Certain medications significantly increase tendon vulnerability. A class of antibiotics called fluoroquinolones (commonly prescribed for urinary tract and respiratory infections) causes an estimated 2.9 tendon ruptures per 10,000 patients per year, with the risk concentrated in people over 60. When fluoroquinolones are combined with oral corticosteroids like prednisone, the risk of Achilles tendon rupture jumps nearly 20-fold. If you’re prescribed these medications, especially together, it’s worth knowing that your tendons are temporarily more fragile.

Other factors that raise tendon injury risk include higher BMI, prior tendon injuries, diabetes, connective tissue disorders, and COPD. Age plays a significant role as well. Tendons lose water content and elasticity over time, so the same training load that was safe at 30 may be riskier at 55. Older adults benefit even more from gradual progression and eccentric strengthening.

Warming Up Before Intense Activity

A proper warm-up increases blood flow and temperature in tendons, making them more pliable before you ask them to handle high forces. Dynamic movements like leg swings, arm circles, walking lunges, and bodyweight squats prepare tendons better than standing still and holding a stretch. One study of 465 high school soccer players found no significant difference in injury rates between dynamic stretching alone and dynamic stretching combined with static stretching, suggesting the dynamic component is what matters most.

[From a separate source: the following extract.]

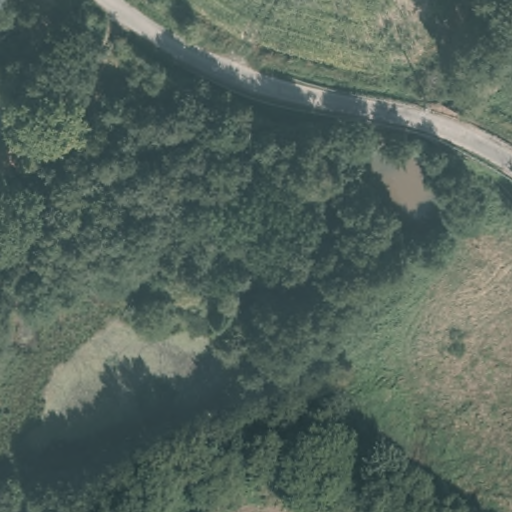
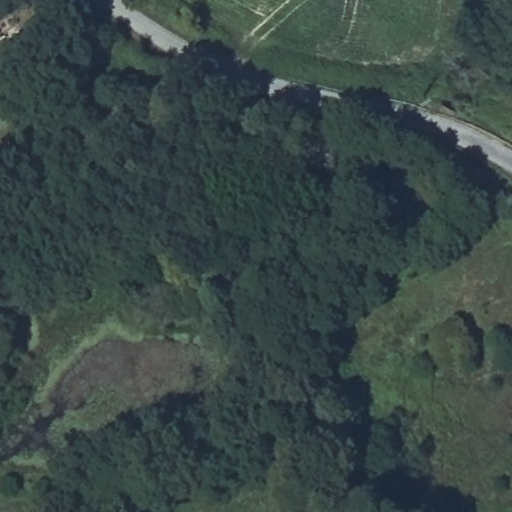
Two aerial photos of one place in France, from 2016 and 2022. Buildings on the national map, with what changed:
unchanged [(307,153),(295,147),(301,138),(312,144),(307,153)]

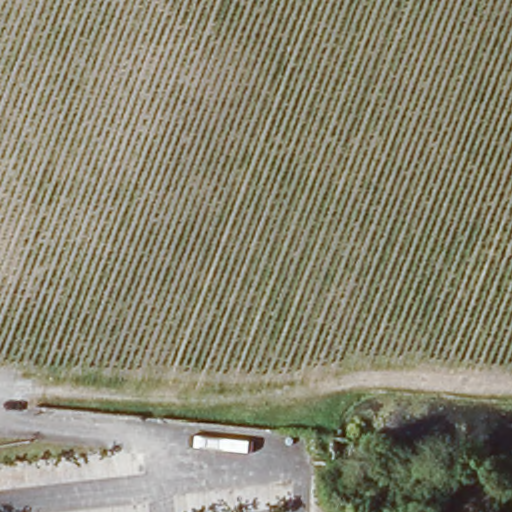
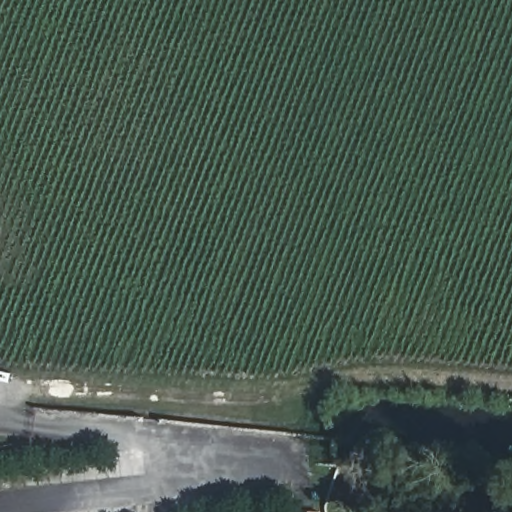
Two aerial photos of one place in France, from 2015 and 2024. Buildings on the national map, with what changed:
[]

Save static stretching for after your workout if you enjoy it, but don’t rely on it as your primary injury prevention tool. The warm-up that protects tendons is the one that mimics the movements you’re about to perform, starting at low intensity and building up.

Recognizing Early Warning Signs

Tendonitis starts as inflammation from micro-tears when a tendon is overloaded too quickly. At this stage, you’ll typically feel a sharp or burning pain during activity that fades with rest. The area may be warm, slightly swollen, or tender to the touch. Caught early, tendonitis resolves in several days to six weeks with rest and modified activity.

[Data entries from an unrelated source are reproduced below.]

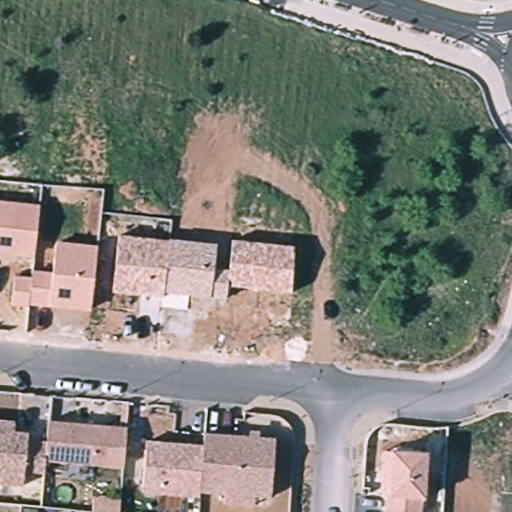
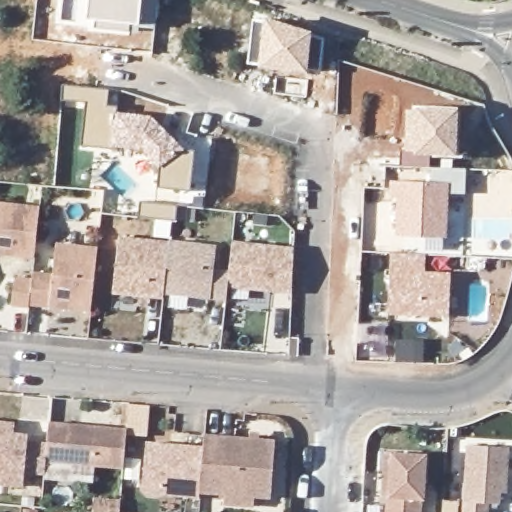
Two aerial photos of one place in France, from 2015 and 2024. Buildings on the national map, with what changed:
new [(139,27),(138,31),(94,27),(94,19),(88,17),(90,0),(157,0),(155,29),(139,27)]
new [(312,36),(323,39),(319,69),(308,67),(307,72),(259,67),(260,64),(248,64),(253,20),(265,21),(266,16),(313,32),(312,36)]
new [(106,105),(117,106),(116,112),(150,115),(185,149),(194,150),(190,190),(156,185),(159,165),(157,166),(138,147),(116,145),(115,149),(82,145),(86,102),(63,100),(63,85),(109,90),(106,105)]
new [(400,166),(400,150),(405,150),(407,109),(414,110),(415,106),(458,109),(457,155),(428,155),(430,167),(400,166)]
new [(390,195),(390,181),(432,182),(433,167),(466,167),(466,195),(449,194),(446,237),(395,235),(398,198),(390,195)]
unchanged [(40,205),(36,256),(0,255),(0,200),(40,205)]
unchanged [(228,286),(226,299),(163,292),(162,297),(112,292),(118,236),(170,241),(170,238),(216,243),(213,268),(228,270),(232,241),(293,247),(292,295),(228,286)]
unchanged [(47,306),(30,303),(28,306),(12,304),(15,276),(32,278),(33,270),(52,271),(56,243),(96,246),(90,312),(47,306)]
new [(425,270),(450,272),(448,316),(389,313),(391,252),(426,254),(425,270)]
unchanged [(126,429),(123,468),(45,462),(46,452),(47,443),(49,423),(126,429)]
unchanged [(46,452),(45,462),(45,475),(25,473),(23,487),(0,485),(0,432),(28,435),(27,442),(47,443),(46,452)]
unchanged [(275,445),(270,503),(200,497),(205,438),(275,445)]
new [(467,445),(509,447),(507,490),(500,490),(500,502),(488,502),(487,512),(464,512),(464,499),(467,445)]
unchanged [(153,497),(146,497),(142,491),(146,446),(203,451),(198,501),(153,497)]
unchanged [(390,451),(426,454),(423,501),(423,512),(386,512),(387,495),(390,451)]

If you push through and keep loading the tendon without adequate recovery, the problem shifts from inflammation to degeneration, a condition called tendinosis. The organized collagen fibers that give tendons their strength become disorganized, replaced by weaker, immature collagen. At this point, pain becomes more persistent, showing up earlier in workouts or even at rest. Treating chronic tendinosis takes 3 to 9 months, far longer than the early-stage problem it grew from.

The practical takeaway: pain that shows up in a tendon during or after activity and doesn’t resolve within a few days is worth addressing immediately. Reducing load, adding eccentric exercises at a low intensity, and correcting whatever triggered the problem (a sudden spike in training, poor ergonomics, new footwear) can keep a minor irritation from becoming a months-long setback.